# EXERCISE DATA
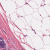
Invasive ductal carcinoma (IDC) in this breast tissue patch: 0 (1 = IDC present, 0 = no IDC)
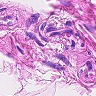
Metastatic tissue present: no
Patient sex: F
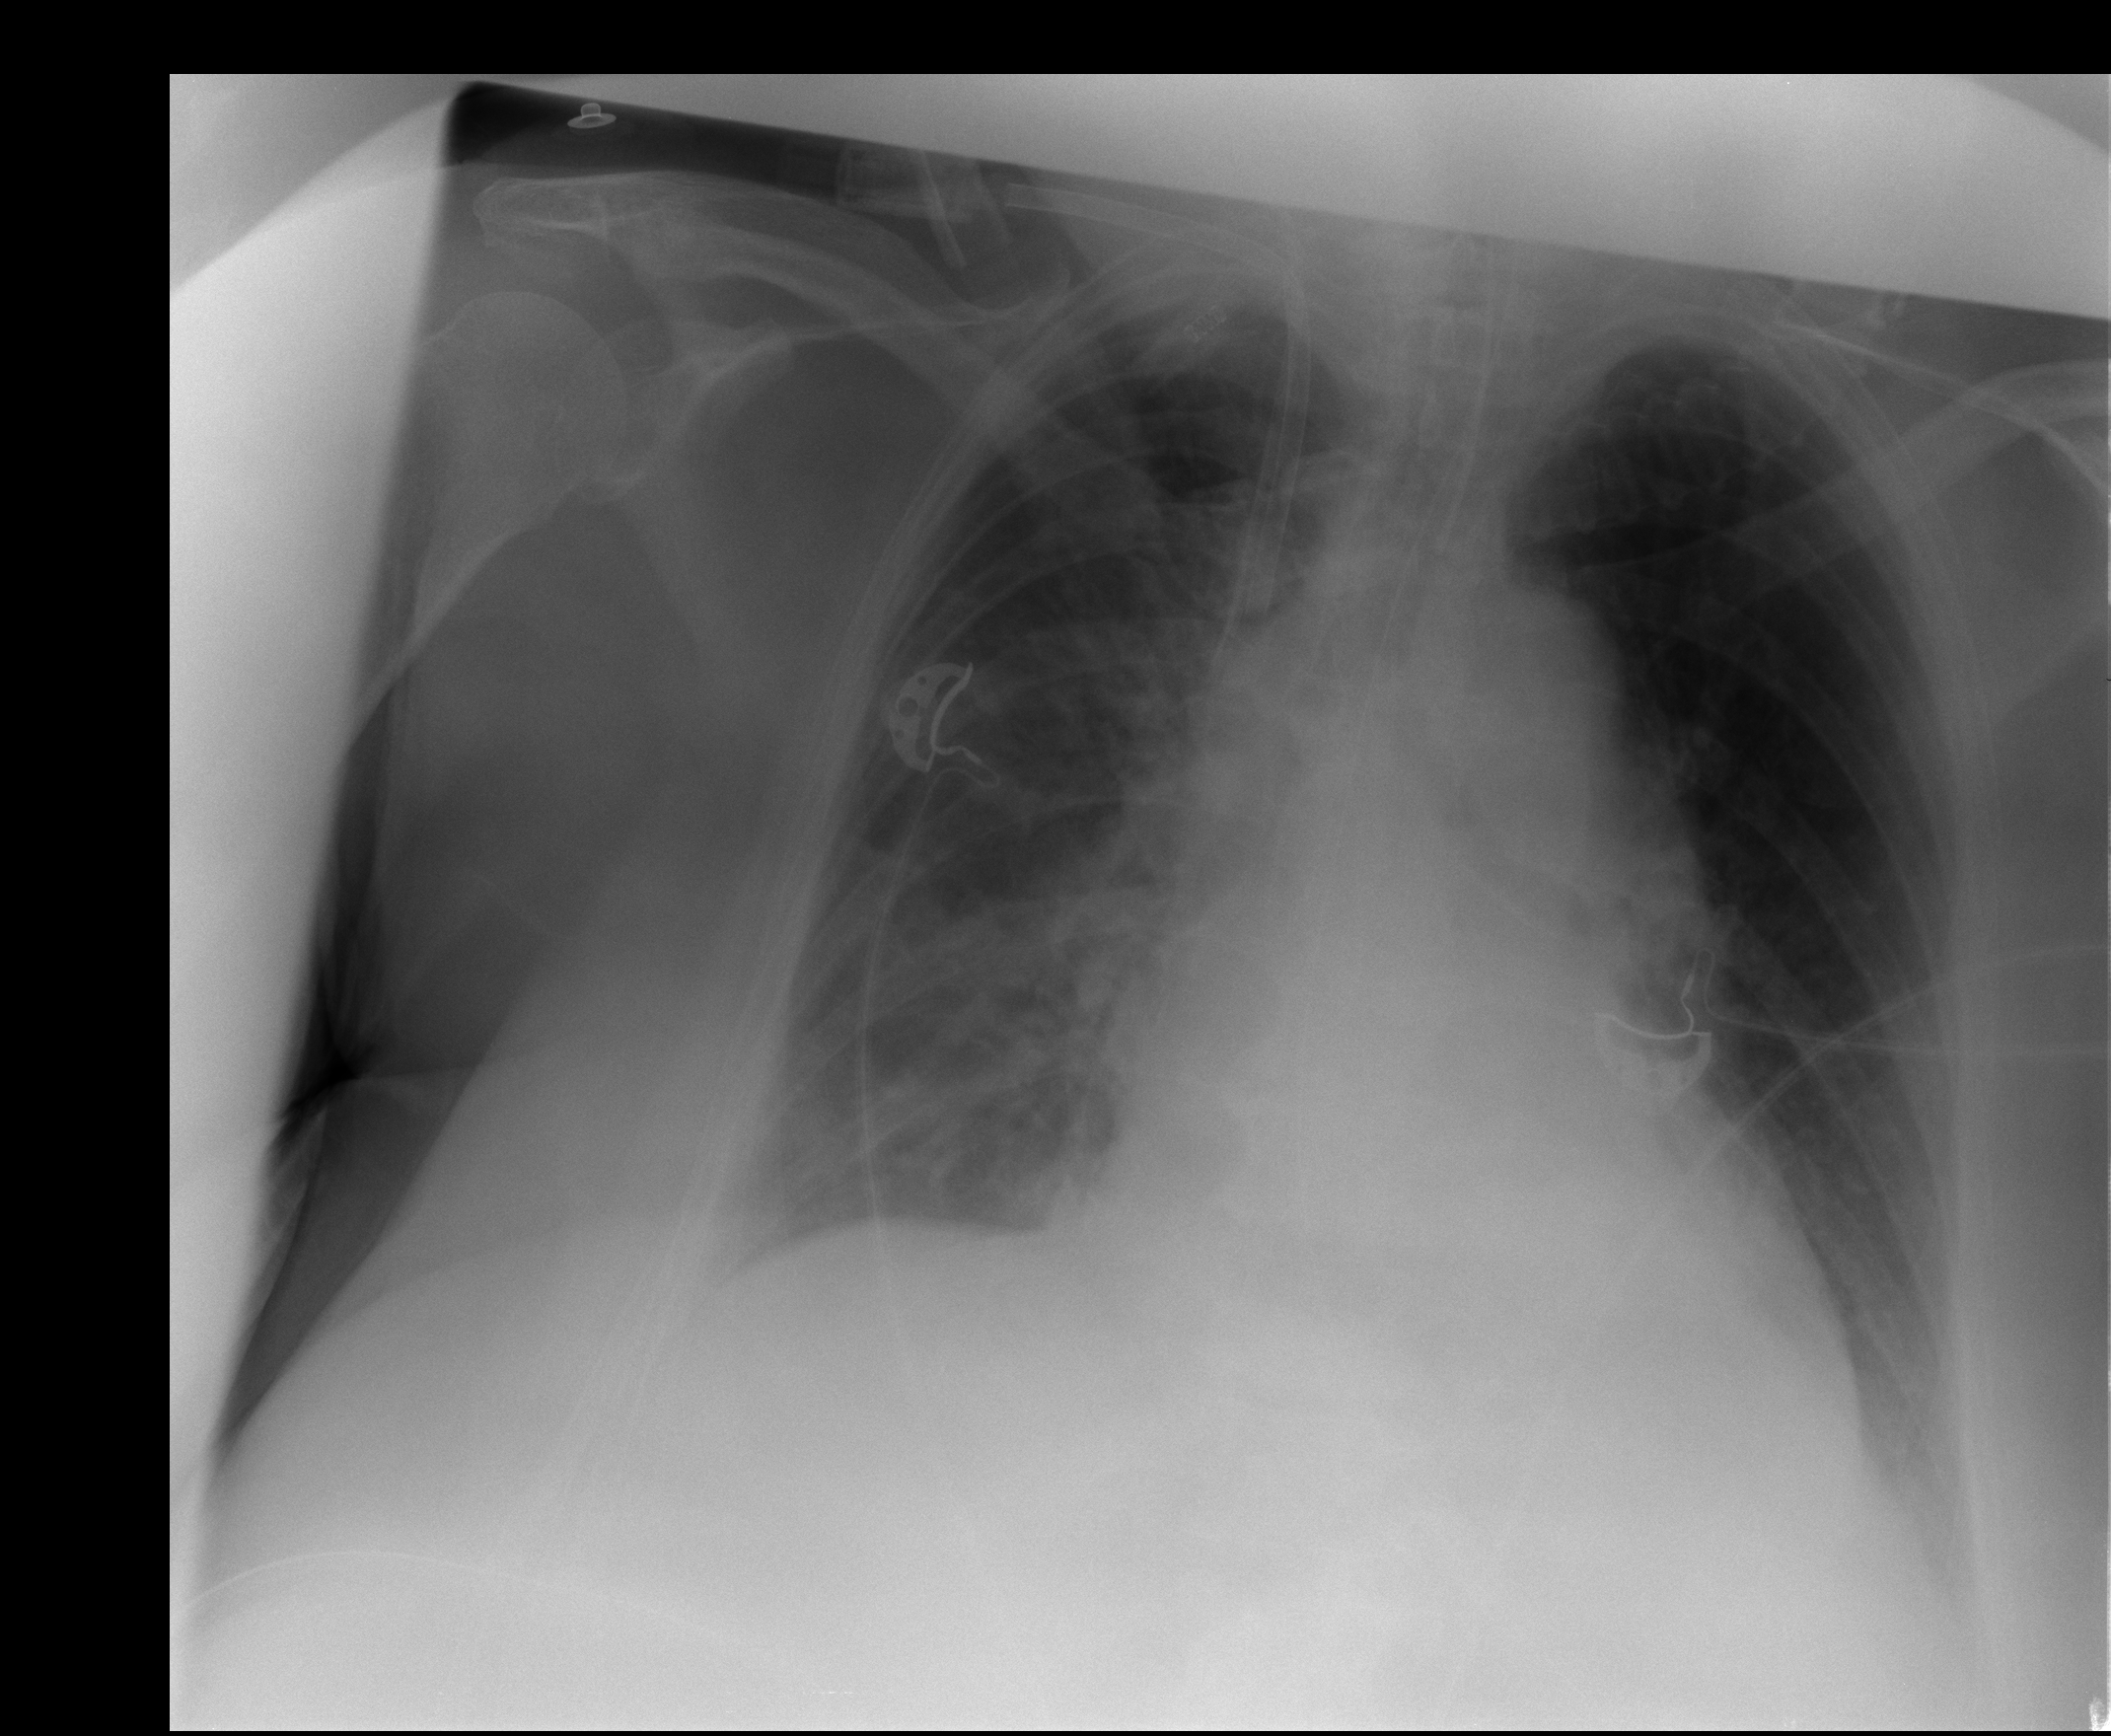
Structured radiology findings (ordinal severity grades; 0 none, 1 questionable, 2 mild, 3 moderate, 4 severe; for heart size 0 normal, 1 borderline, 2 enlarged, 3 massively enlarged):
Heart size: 2
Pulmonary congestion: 2
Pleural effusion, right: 1
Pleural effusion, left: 2
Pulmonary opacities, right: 2
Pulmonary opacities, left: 0
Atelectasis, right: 1
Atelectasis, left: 2
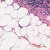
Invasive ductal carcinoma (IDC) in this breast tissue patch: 1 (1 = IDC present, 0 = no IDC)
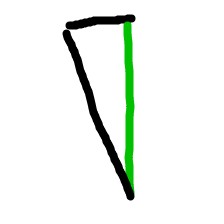
Shape: triangle
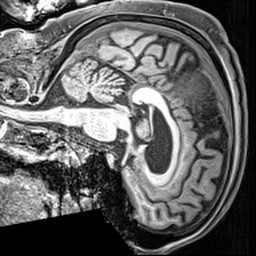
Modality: T1w
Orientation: sagittal
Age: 68
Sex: male
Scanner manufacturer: siemens
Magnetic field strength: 3 T
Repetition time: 2.4 s
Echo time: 0.0022 s
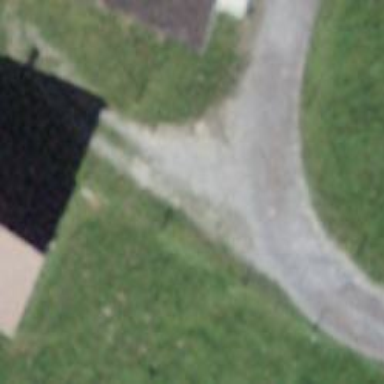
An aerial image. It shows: Path.
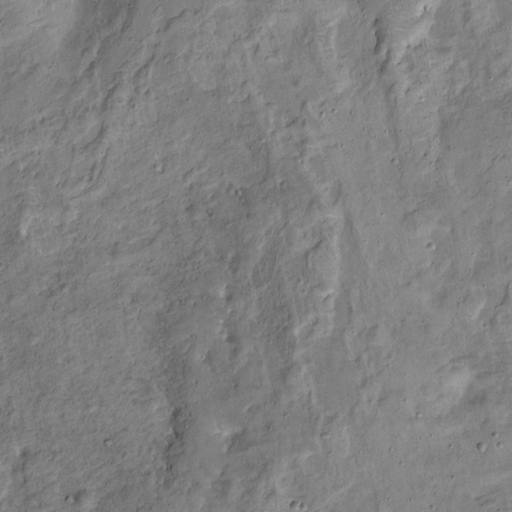
Objects detected: cone
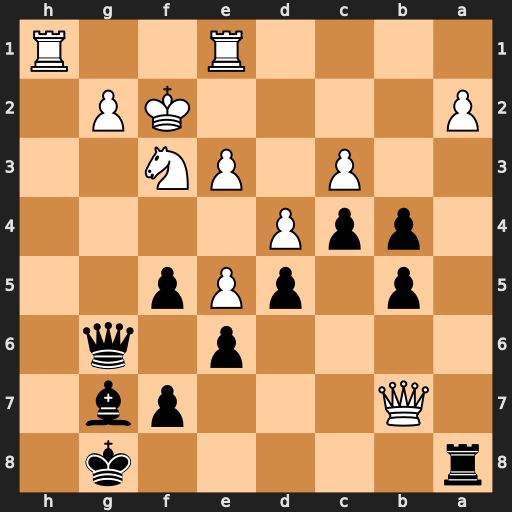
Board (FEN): r5k1/1Q3pb1/4p1q1/1p1pPp2/1ppP4/2P1PN2/P4KP1/4R2R
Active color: b
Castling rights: -
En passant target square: -
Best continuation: Rxa2+ Re2 Rxe2+ Kxe2 Qxg2+
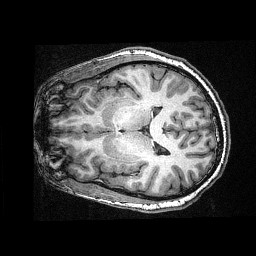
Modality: T1w
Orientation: axial
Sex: male
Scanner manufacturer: siemens
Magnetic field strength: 3 T
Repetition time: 2.3 s
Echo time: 0.00336 s
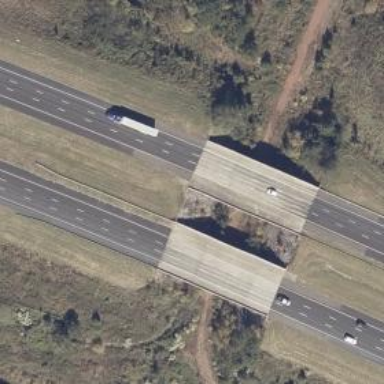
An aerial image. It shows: Viaduct bridge over motorway.
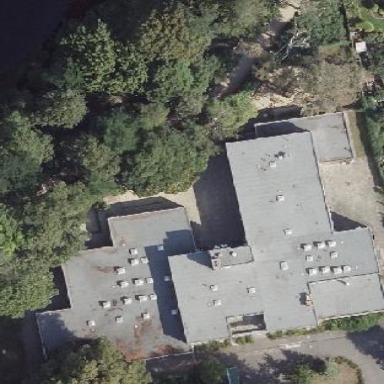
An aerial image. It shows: Part of building.
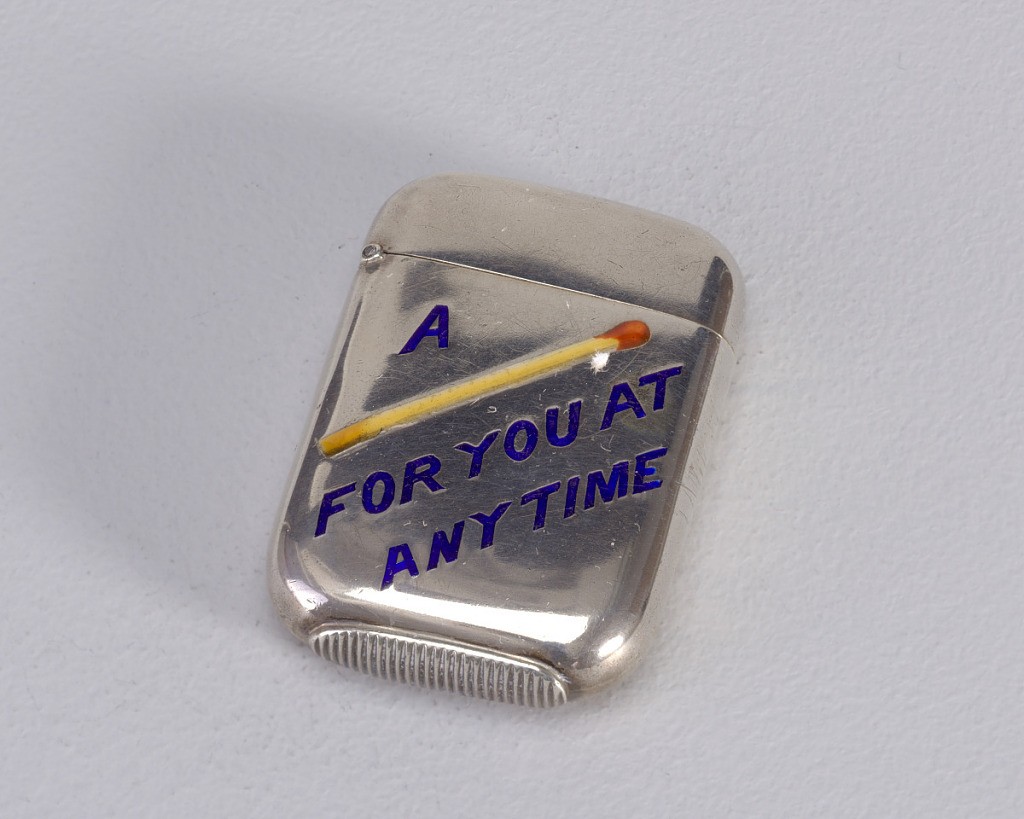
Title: "A [Match] For You At Any Time"
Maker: Sampson Mordan & Company
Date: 1886–87
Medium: Silver, enamel
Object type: Matchsafe
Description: Rectangular, rounded corners and sides, featuring polychrome enamel, word/picture rebus, inscribed "A [Match] For You At Any Time", with image of wooden match stick with red tip substituted for word "Match". Lid hinged on upper left. Striker on bottom.
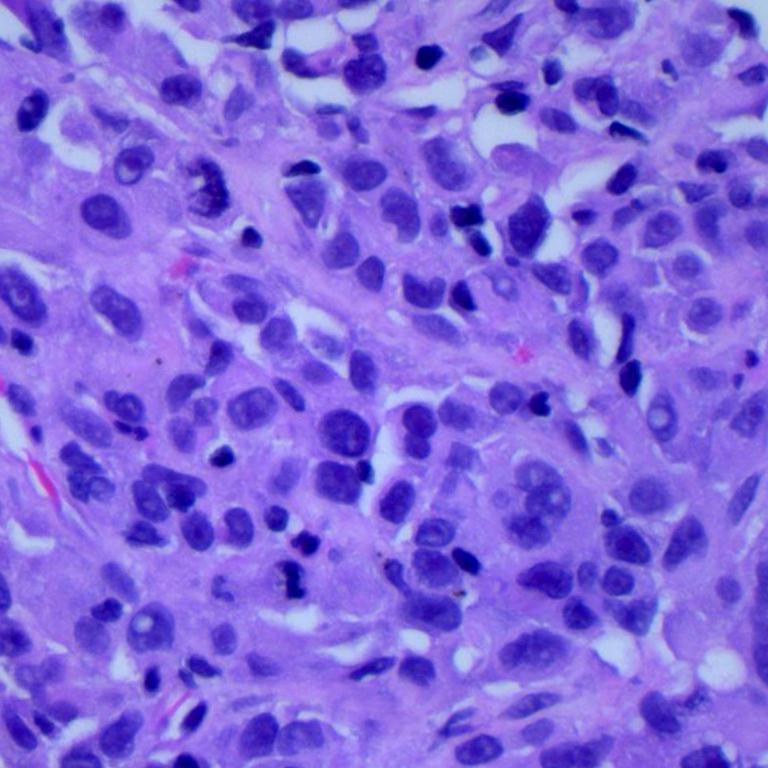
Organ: lung
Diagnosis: adenocarcinomas
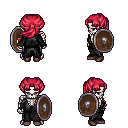
a pixel art fantasy rpg character, male body template, skeleton, gray robe, metal pants, ruby red princess hairstyle, maroon shoes, shield, four views (front, back, left, right), 2x2 character sprite sheet, small pixel art, hard edges, no anti-aliasing
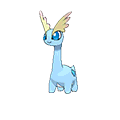
Pok\u00e9mon: amaura
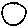
Label: circle
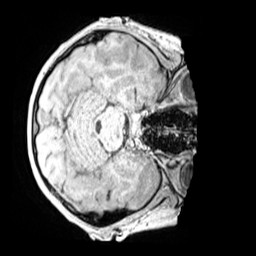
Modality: MP2RAGE
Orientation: axial
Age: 10
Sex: male
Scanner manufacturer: siemens
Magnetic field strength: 3 T
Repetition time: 4 s
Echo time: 0.00299 s
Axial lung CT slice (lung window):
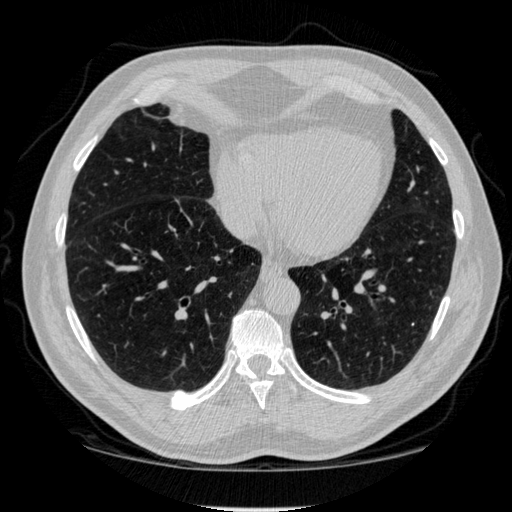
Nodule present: no

# ACTIVITY
The lines that contain the word "Pleural" are wanted; copy each of them from the records.

# EXPECTED ANSWER
Pleural effusion, right: 1
Pleural effusion, left: 2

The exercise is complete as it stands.